My younger sister is a senior in high school and she asked me for help with her calculus homework but I've drawn a blank, can anyone offer any advice for this question?
Find the area between the curves $f(x)= x^2-2$ and $g(x)= 3x+2$.
I vaguely remember this from college but I don't want to tell her the wrong method!
On
First, you should graph the two functions just to get an image of them in your head. Next, set them equal to each other to find the interval (You will use integration). Once you set them equal to one another you'll get that the interval is $0 \leq x \leq 4$. The integral sets up as follows: I'm using S as a symbol to represent integration. S from $-1$ to $4$ of $g(x)-f(x)dx = S$ from $-1$ to $4$ $$ \int_{-1}^{4}(3x+2)-(x^2-2) dx = ((\frac{-x^3}{3})+((\frac{x^2}{2})+4x)$$
From their you can just plug in. I hope this helps!
On
First find the points where the two functions will intersect.

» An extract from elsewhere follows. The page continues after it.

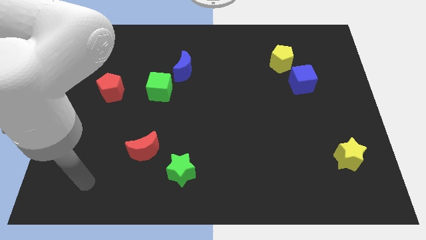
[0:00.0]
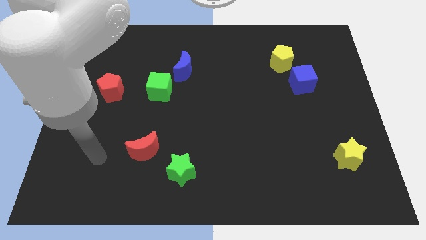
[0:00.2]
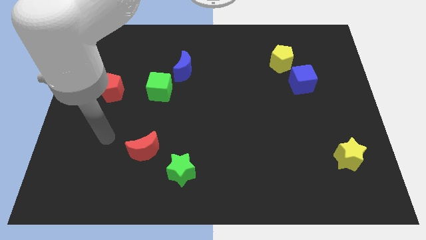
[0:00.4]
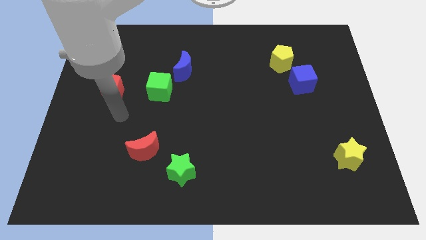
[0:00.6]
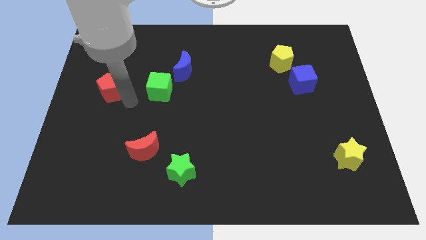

$$x^2-2 = 3x+2 \implies x^2-3x-4=0\implies x=4,-1$$
Now we take the definite integral of the difference of the functions.
$$\int^{4}_{-1}(3x+2) - (x^2-2) \, dx = \left[\frac{3x^2}{2}-\frac{x^3}{3}+4x\right]^4_{-1}=\boxed{\frac{125}6}$$
On
$$A = \int_b^a(g(x)-f(x))dx $$ Where $a$ and $b$ are the points at which the curves intersect where: $$x^2-2 = 3x+2$$ $$x^2-3x-4=0$$ $$(x-4)(x+1) = 0$$ $$x=4,-1$$ So $$A = \int_b^a(g(x)-f(x))dx = \int_{-1}^4 3x+2-x^2+2 = \int_{-1}^43x-x^2+4 = \left[\frac{3x^2}{2}-\frac{x^3}{3}+4x\right]_{-1}^4 = \boxed{\frac{125}{6}}$$
Figure out the intersections of the two curves and then which one is on top and on bottom. The x values of the intersections will be your bounds and you should take the integral of the top curve minus the bottom curve.